Forte and Sudeikis played two members of a Jon Bon Jovi “opposite band” called Jon Bovi. They performed songs like, “Dyin’ On a Prayer” instead of “Livin’ On a Prayer,” “You Give Hate a Good Name” instead of “You Give Love a Bad Name,” and “Stabbed in the Butt” instead of “Shot Through the Heart.”

As Meyers’ Late Night guests explained, Jon Bovi started as a sketch for an episode hosted by My Name Is Earl‘s Jaime Pressly. In this scenario, the actress would have played a record executive, while the Jon Bovi band came in acting obnoxious. Eventually, it turned into a bit for “Weekend Update.”

“The premise was we hated Bon Jovi, the band, so much that we set out to create a band that would cancel them out of the universe,” Sudeikis said.

They’re not officially sure why this particular sketch didn’t air. Sudeikis got some laughs when he mentioned “politics,” and the same with Forte when he said, “Maybe they were like these guys are doing too well, we need to tamp down their careers.”

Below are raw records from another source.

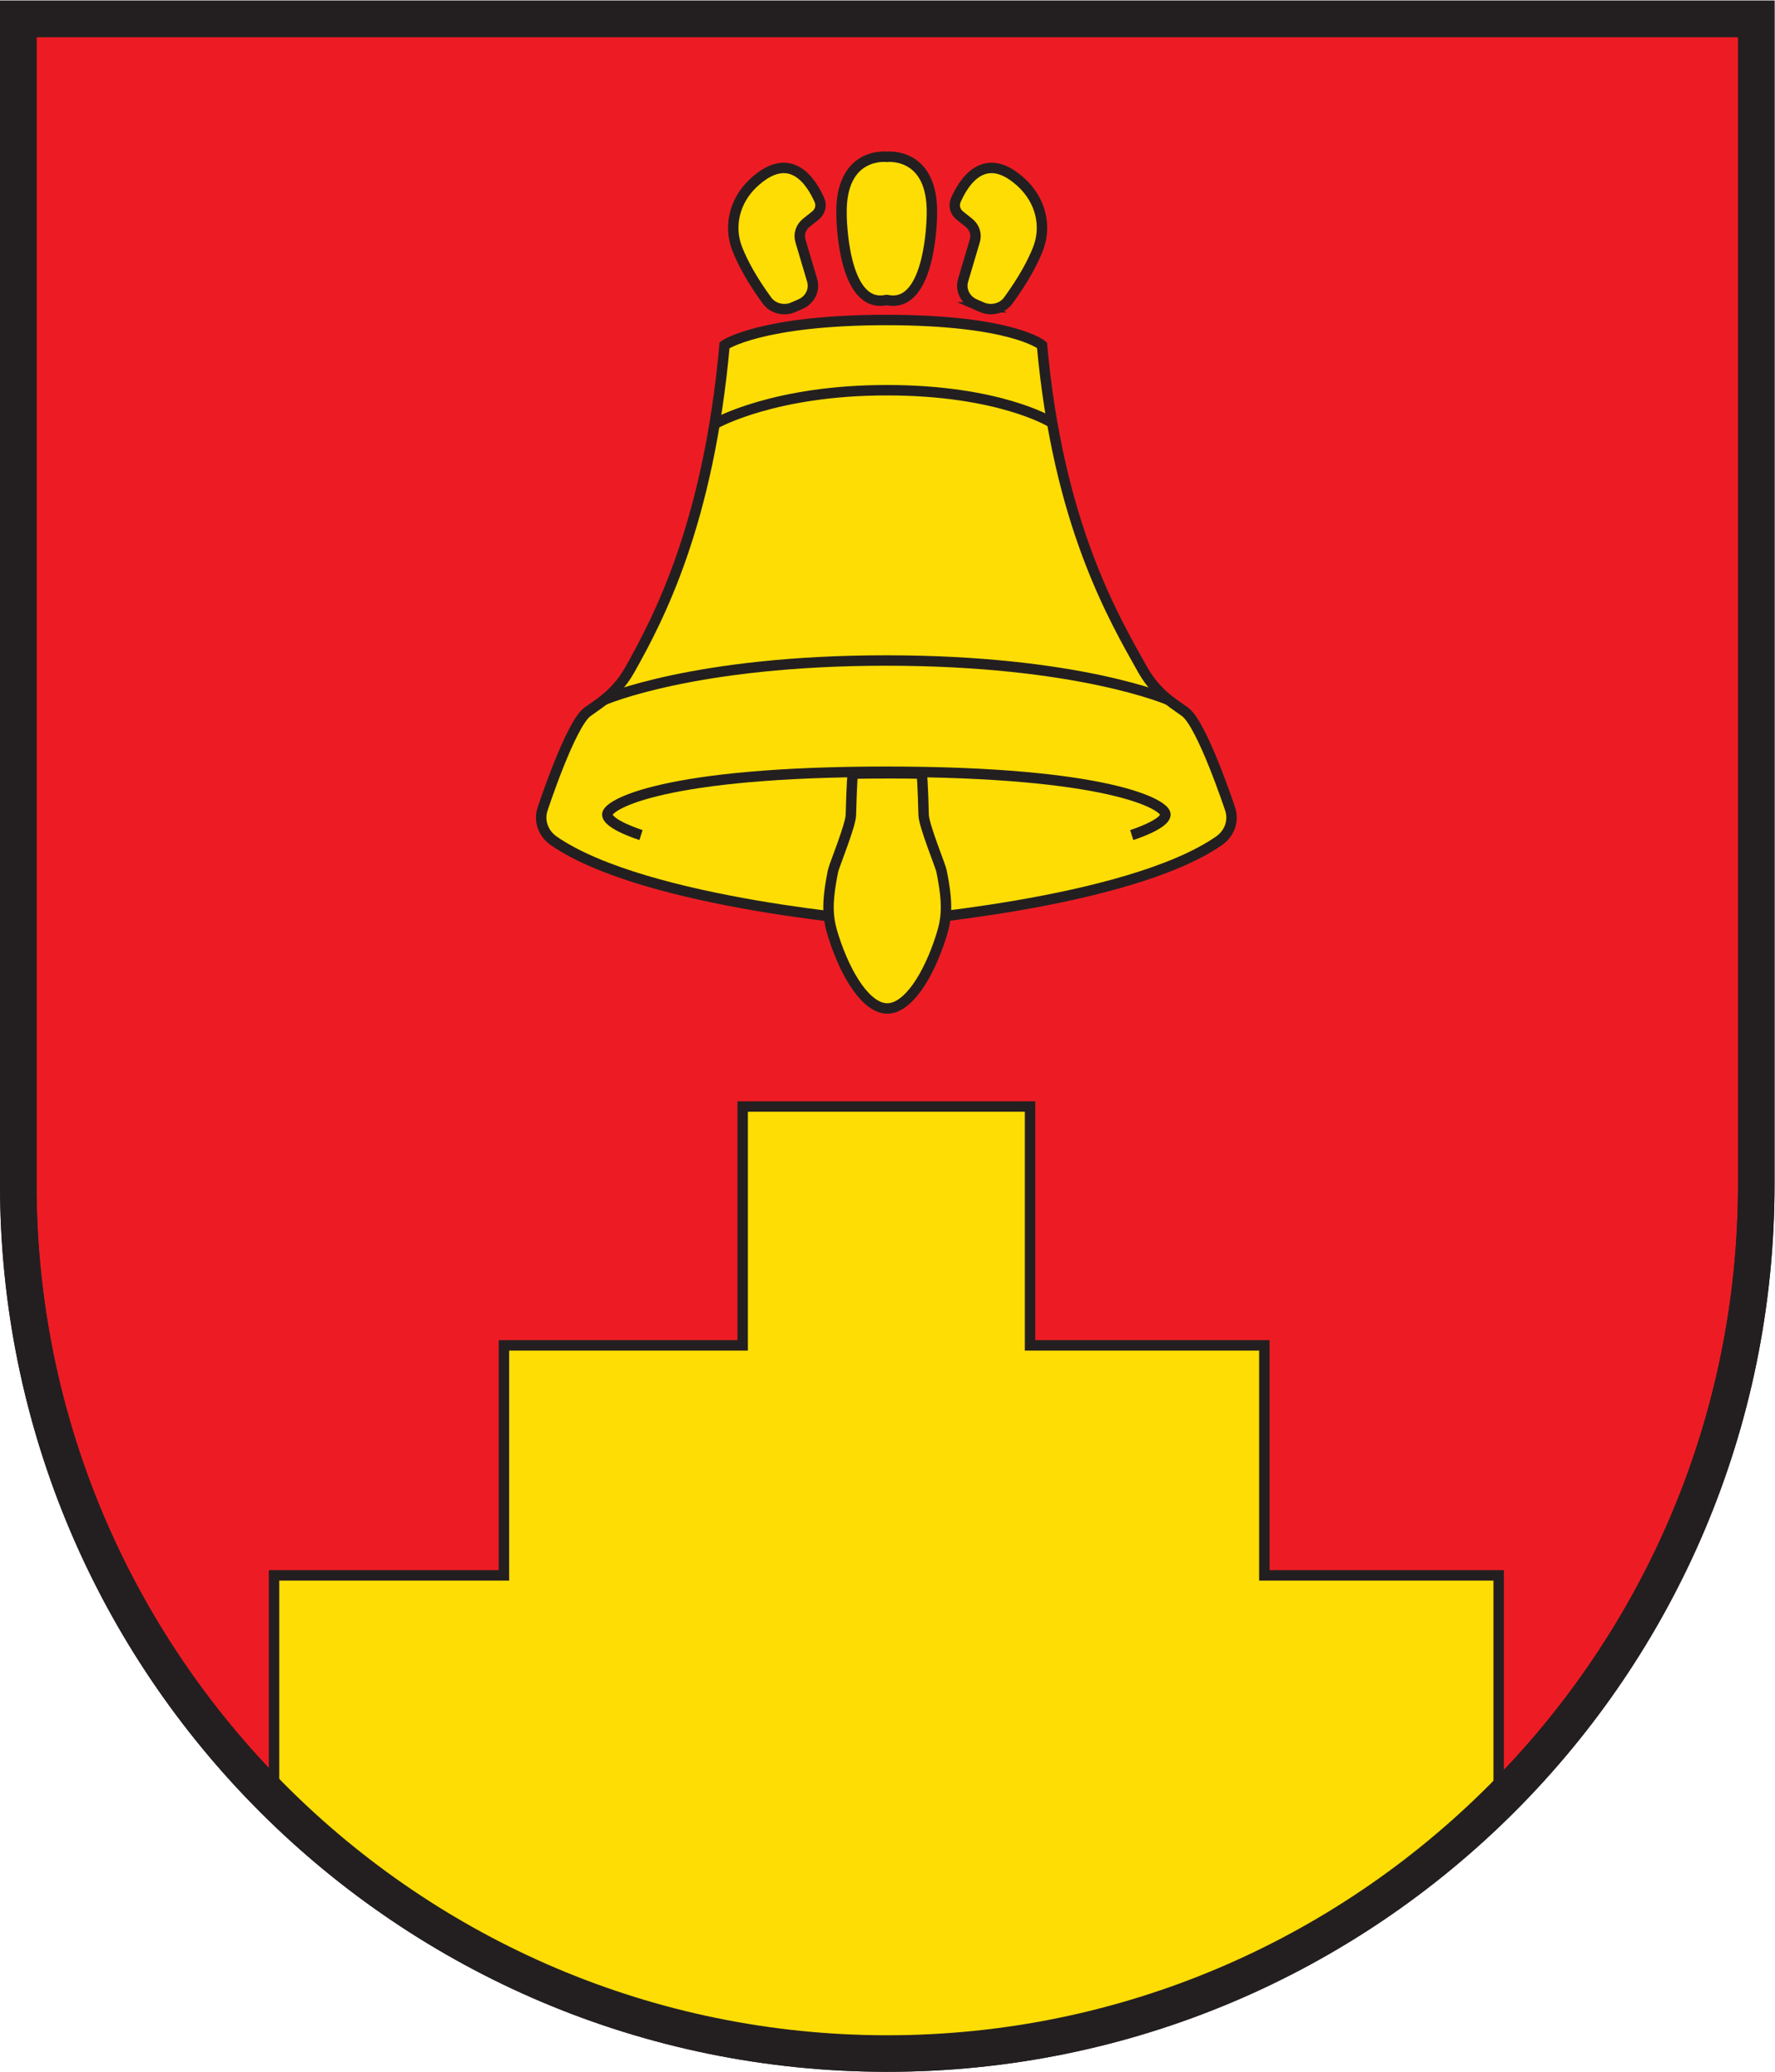 <?xml version="1.0" encoding="UTF-8" standalone="no"?>
<svg
   xmlns:dc="http://purl.org/dc/elements/1.1/"
   xmlns:cc="http://creativecommons.org/ns#"
   xmlns:rdf="http://www.w3.org/1999/02/22-rdf-syntax-ns#"
   xmlns:svg="http://www.w3.org/2000/svg"
   xmlns="http://www.w3.org/2000/svg"
   viewBox="0 0 226.773 264.573"
   height="264.573"
   width="226.773"
   xml:space="preserve"
   id="svg2"
   version="1.1"><defs
     id="defs6" /><g
     transform="matrix(1.333,0,0,-1.333,0,264.573)"
     id="g10"><g
       transform="scale(0.1)"
       id="g12"><path
         id="path14"
         style="fill:#ed1c24;fill-opacity:1;fill-rule:evenodd;stroke:none"
         d="M 850.391,17.5 C 391.137,17.5 17.5,391.129 17.5,850.391 V 1966.75 H 1683.29 V 850.391 C 1683.29,391.129 1309.66,17.5 850.391,17.5" /><path
         id="path16"
         style="fill:#231f20;fill-opacity:1;fill-rule:nonzero;stroke:none"
         d="M 1700.79,1984.25 H 0 V 850.391 C 0,380.73 380.734,0 850.391,0 1320.06,0 1700.79,380.73 1700.79,850.391 V 1984.25 Z m -35,-35 V 850.391 C 1665.79,400.781 1300.01,35 850.391,35 400.781,35 35,400.781 35,850.391 V 1949.25 h 1630.79" /><path
         id="path18"
         style="fill:#fddd04;fill-opacity:1;fill-rule:nonzero;stroke:none"
         d="m 848.848,1101.29 c 0,0 231.002,16.98 319.372,77.9 10.21,7.04 14.58,19.3 10.77,30.6 0,0 -26.97,81.53 -43.3,93.1 l -11.33,8.04 c -12.13,8.59 -22.01,19.5 -29.08,32.09 -27.99,49.82 -81.16,140 -96.592,311.11 0,0 -28.575,24.12 -149.84,24.12 h 1.343 c -121.257,0 -155.75,-24.12 -155.75,-24.12 -15.429,-171.11 -62.894,-261.29 -90.89,-311.11 -7.067,-12.59 -16.953,-23.5 -29.078,-32.09 l -11.332,-8.04 c -16.328,-11.57 -43.09,-93.1 -43.09,-93.1 -3.809,-11.3 0.554,-23.56 10.777,-30.6 88.367,-60.92 319.363,-77.9 319.363,-77.9 h -1.343" /><path
         id="path20"
         style="fill:none;stroke:#231f20;stroke-width:10;stroke-linecap:butt;stroke-linejoin:miter;stroke-miterlimit:10;stroke-dasharray:none;stroke-opacity:1"
         d="m 848.848,1101.29 c 0,0 231.002,16.98 319.372,77.9 10.21,7.04 14.58,19.3 10.77,30.6 0,0 -26.97,81.53 -43.3,93.1 l -11.33,8.04 c -12.13,8.59 -22.01,19.5 -29.08,32.09 -27.99,49.82 -81.16,140 -96.592,311.11 0,0 -28.575,24.12 -149.84,24.12 h 1.343 c -121.257,0 -155.75,-24.12 -155.75,-24.12 -15.429,-171.11 -62.894,-261.29 -90.89,-311.11 -7.067,-12.59 -16.953,-23.5 -29.078,-32.09 l -11.332,-8.04 c -16.328,-11.57 -43.09,-93.1 -43.09,-93.1 -3.809,-11.3 0.554,-23.56 10.777,-30.6 88.367,-60.92 319.363,-77.9 319.363,-77.9 z" /><path
         id="path22"
         style="fill:#fddd04;fill-opacity:1;fill-rule:nonzero;stroke:none"
         d="m 1006.61,1580.73 c 0,0 -49.571,30.23 -156.419,30.23 h -0.668 c -106.843,0 -162.914,-31.49 -162.914,-31.49" /><path
         id="path24"
         style="fill:none;stroke:#231f20;stroke-width:10;stroke-linecap:butt;stroke-linejoin:miter;stroke-miterlimit:10;stroke-dasharray:none;stroke-opacity:1"
         d="m 1006.61,1580.73 c 0,0 -49.571,30.23 -156.419,30.23 h -0.668 c -106.843,0 -162.914,-31.49 -162.914,-31.49" /><path
         id="path26"
         style="fill:none;stroke:#231f20;stroke-width:10;stroke-linecap:butt;stroke-linejoin:miter;stroke-miterlimit:10;stroke-dasharray:none;stroke-opacity:1"
         d="m 1120.15,1314.16 c 0,0 -86.58,37.86 -270.736,37.86 -184.148,0 -270.73,-37.86 -270.73,-37.86" /><path
         id="path28"
         style="fill:none;stroke:#231f20;stroke-width:10;stroke-linecap:butt;stroke-linejoin:miter;stroke-miterlimit:10;stroke-dasharray:none;stroke-opacity:1"
         d="m 1084.69,1184.8 c 0,0 32.3,10.15 32.3,19.75 0,9.61 -54.97,40.91 -267.467,40.91 h 0.188 -0.379 0.191 c -212.496,0 -267.468,-31.3 -267.468,-40.91 0,-9.6 32.293,-19.75 32.293,-19.75" /><path
         id="path30"
         style="fill:#fddd04;fill-opacity:1;fill-rule:nonzero;stroke:none"
         d="m 760.25,1690.4 6.922,3.01 c 9.191,4.02 13.941,13.64 11.238,22.77 l -11.262,37.96 c -1.859,6.29 0.356,13.01 5.672,17.24 l 8.66,6.89 c 4.555,3.62 6.184,9.53 3.93,14.7 -7.461,17.16 -27.715,50.19 -63.695,16.17 -17.574,-16.61 -23.699,-41.05 -15.055,-62.94 5.086,-12.88 13.797,-29.24 28.481,-49.37 5.523,-7.56 16.214,-10.31 25.109,-6.43" /><path
         id="path32"
         style="fill:none;stroke:#231f20;stroke-width:10;stroke-linecap:butt;stroke-linejoin:miter;stroke-miterlimit:10;stroke-dasharray:none;stroke-opacity:1"
         d="m 760.25,1690.4 6.922,3.01 c 9.191,4.02 13.941,13.64 11.238,22.77 l -11.262,37.96 c -1.859,6.29 0.356,13.01 5.672,17.24 l 8.66,6.89 c 4.555,3.62 6.184,9.53 3.93,14.7 -7.461,17.16 -27.715,50.19 -63.695,16.17 -17.574,-16.61 -23.699,-41.05 -15.055,-62.94 5.086,-12.88 13.797,-29.24 28.481,-49.37 5.523,-7.56 16.214,-10.31 25.109,-6.43 z" /><path
         id="path34"
         style="fill:#fddd04;fill-opacity:1;fill-rule:nonzero;stroke:none"
         d="m 941.219,1690.4 -6.926,3.01 c -9.199,4.02 -13.945,13.64 -11.238,22.77 l 11.258,37.96 c 1.867,6.29 -0.352,13.01 -5.672,17.24 l -8.653,6.89 c -4.562,3.62 -6.183,9.53 -3.937,14.7 7.461,17.16 27.715,50.19 63.691,16.17 17.578,-16.61 23.708,-41.05 15.059,-62.94 -5.078,-12.88 -13.797,-29.24 -28.477,-49.37 -5.527,-7.56 -16.219,-10.31 -25.105,-6.43" /><path
         id="path36"
         style="fill:none;stroke:#231f20;stroke-width:10;stroke-linecap:butt;stroke-linejoin:miter;stroke-miterlimit:10;stroke-dasharray:none;stroke-opacity:1"
         d="m 941.219,1690.4 -6.926,3.01 c -9.199,4.02 -13.945,13.64 -11.238,22.77 l 11.258,37.96 c 1.867,6.29 -0.352,13.01 -5.672,17.24 l -8.653,6.89 c -4.562,3.62 -6.183,9.53 -3.937,14.7 7.461,17.16 27.715,50.19 63.691,16.17 17.578,-16.61 23.708,-41.05 15.059,-62.94 -5.078,-12.88 -13.797,-29.24 -28.477,-49.37 -5.527,-7.56 -16.219,-10.31 -25.105,-6.43 z" /><path
         id="path38"
         style="fill:#fddd04;fill-opacity:1;fill-rule:nonzero;stroke:none"
         d="m 850.191,1697.36 c 42.707,-9.05 42.989,82.16 42.989,82.16 1.211,60.32 -43.325,55.04 -43.325,55.04 0,0 -44.531,5.28 -43.316,-55.04 0,0 0.274,-91.21 42.984,-82.16 h 0.668" /><path
         id="path40"
         style="fill:none;stroke:#231f20;stroke-width:10;stroke-linecap:butt;stroke-linejoin:miter;stroke-miterlimit:10;stroke-dasharray:none;stroke-opacity:1"
         d="m 850.191,1697.36 c 42.707,-9.05 42.989,82.16 42.989,82.16 1.211,60.32 -43.325,55.04 -43.325,55.04 0,0 -44.531,5.28 -43.316,-55.04 0,0 0.274,-91.21 42.984,-82.16 z" /><path
         id="path42"
         style="fill:#fddd04;fill-opacity:1;fill-rule:nonzero;stroke:none"
         d="m 885.25,1204 c 0,0 -0.82,35.02 -1.961,39.72 -10.059,0.16 -20.402,0.26 -31.266,0.26 -12.035,0 -23.5,-0.12 -34.546,-0.3 -1.133,-4.7 -1.957,-39.68 -1.957,-39.68 -0.239,-10.06 -16.114,-48.63 -17.098,-53.53 -6.551,-32.43 -5.078,-45.68 0.367,-62.78 12.324,-38.64 32.133,-69.02 51.598,-69.02 19.465,0 39.297,30.38 51.601,69.05 5.45,17.11 6.907,30.35 0.364,62.79 -0.989,4.88 -16.856,43.43 -17.102,53.49" /><path
         id="path44"
         style="fill:none;stroke:#231f20;stroke-width:10;stroke-linecap:butt;stroke-linejoin:miter;stroke-miterlimit:10;stroke-dasharray:none;stroke-opacity:1"
         d="m 885.25,1204 c 0,0 -0.82,35.02 -1.961,39.72 -10.059,0.16 -20.402,0.26 -31.266,0.26 -12.035,0 -23.5,-0.12 -34.546,-0.3 -1.133,-4.7 -1.957,-39.68 -1.957,-39.68 -0.239,-10.06 -16.114,-48.63 -17.098,-53.53 -6.551,-32.43 -5.078,-45.68 0.367,-62.78 12.324,-38.64 32.133,-69.02 51.598,-69.02 19.465,0 39.297,30.38 51.601,69.05 5.45,17.11 6.907,30.35 0.364,62.79 -0.989,4.88 -16.856,43.43 -17.102,53.49 z" /><path
         id="path46"
         style="fill:#fddd04;fill-opacity:1;fill-rule:nonzero;stroke:none"
         d="M 1436.38,475.578 H 1211.81 V 695.922 H 987.234 V 924.738 H 711.809 V 695.922 H 482.996 V 475.578 H 262.656 V 256.34 l 161.785,-125 186.668,-80 239.282,-40 259.049,48.332 210,101.668 116.94,101.672 v 212.566" /><path
         id="path48"
         style="fill:none;stroke:#231f20;stroke-width:10;stroke-linecap:butt;stroke-linejoin:miter;stroke-miterlimit:10;stroke-dasharray:none;stroke-opacity:1"
         d="M 1436.38,475.578 H 1211.81 V 695.922 H 987.234 V 924.738 H 711.809 V 695.922 H 482.996 V 475.578 H 262.656 V 256.34 l 161.785,-125 186.668,-80 239.282,-40 259.049,48.332 210,101.668 116.94,101.672 z" /><path
         id="path50"
         style="fill:#231f20;fill-opacity:1;fill-rule:nonzero;stroke:none"
         d="M 1700.79,1984.25 H 0 V 850.391 C 0,380.73 380.734,0 850.391,0 1320.06,0 1700.79,380.73 1700.79,850.391 V 1984.25 Z m -35,-35 V 850.391 C 1665.79,400.781 1300.01,35 850.391,35 400.781,35 35,400.781 35,850.391 V 1949.25 h 1630.79" /></g></g></svg>

Meyers suspected it had something to do with the presence of another “musical duo” on the show that night, Garth and Kat, played by Fred Armisen (who overheard all of this from the drummer’s seat on Late Night) and Kristen Wiig.

Forte and Sudeikis, sitting with Meyers and Armisen, continued answering burning questions about the band that never took off in a Q&A dressed in character. It began with Sudeikis explaining how they would auction off an original Jon Bovi song for charity composed for the highest bidder within minutes, so Meyers wanted to give it a try with his audience.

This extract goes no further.